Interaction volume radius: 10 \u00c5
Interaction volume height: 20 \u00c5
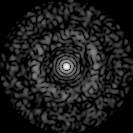
Disorder parameter: 0.8289
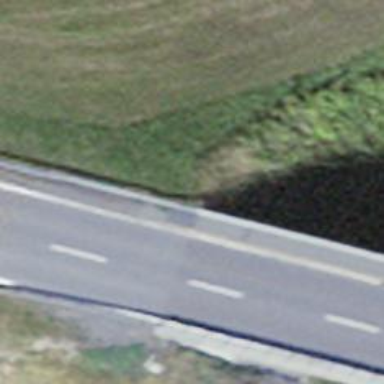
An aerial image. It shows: Asphalt sidewalk.
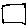
Label: square
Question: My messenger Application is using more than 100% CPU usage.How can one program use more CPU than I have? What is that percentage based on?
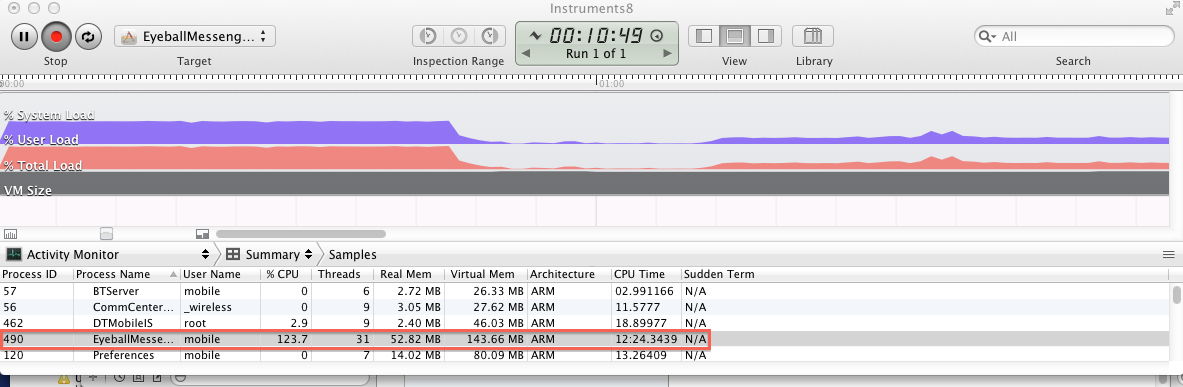
Answer: It's per CPU core. A two-core CPU can go to 200%, 4-core to 400%, etc.
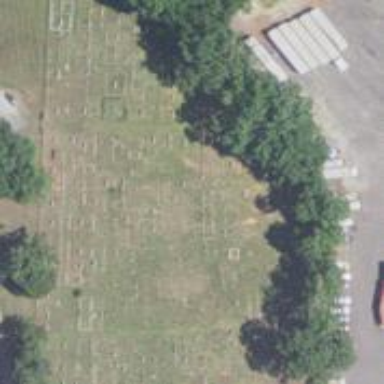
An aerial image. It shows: Cemetery.
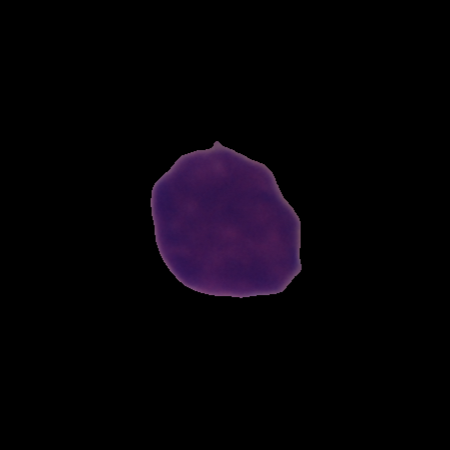
Label: healthy
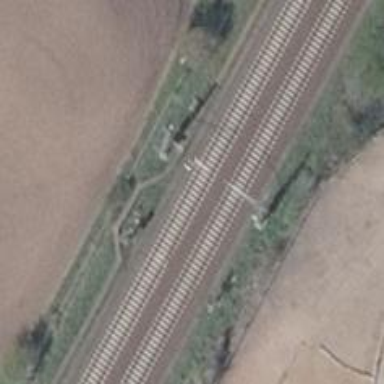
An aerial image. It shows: Milestone along the railway with catenary mast.
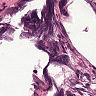
Metastatic tissue present: no
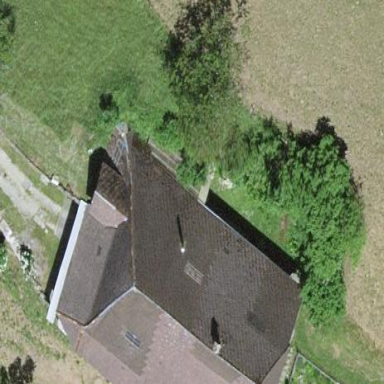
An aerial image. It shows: Farm building.
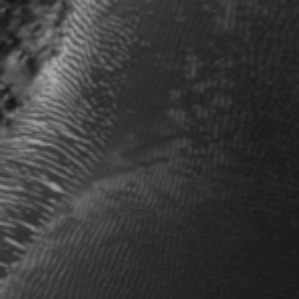
Label: frost
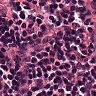
Metastatic tissue present: no
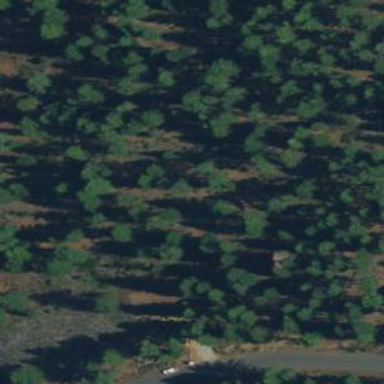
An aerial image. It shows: Woodland with evergreen needle-leaved trees.

=-=-=

Reproduce word for word the lines from the line holding "An aerial image. It shows: Farm building." through the last line of the material above, inclusive, and keep pictures out of it.

▶ [Solution below]:
An aerial image. It shows: Farm building.
Label: frost
Metastatic tissue present: no
An aerial image. It shows: Woodland with evergreen needle-leaved trees.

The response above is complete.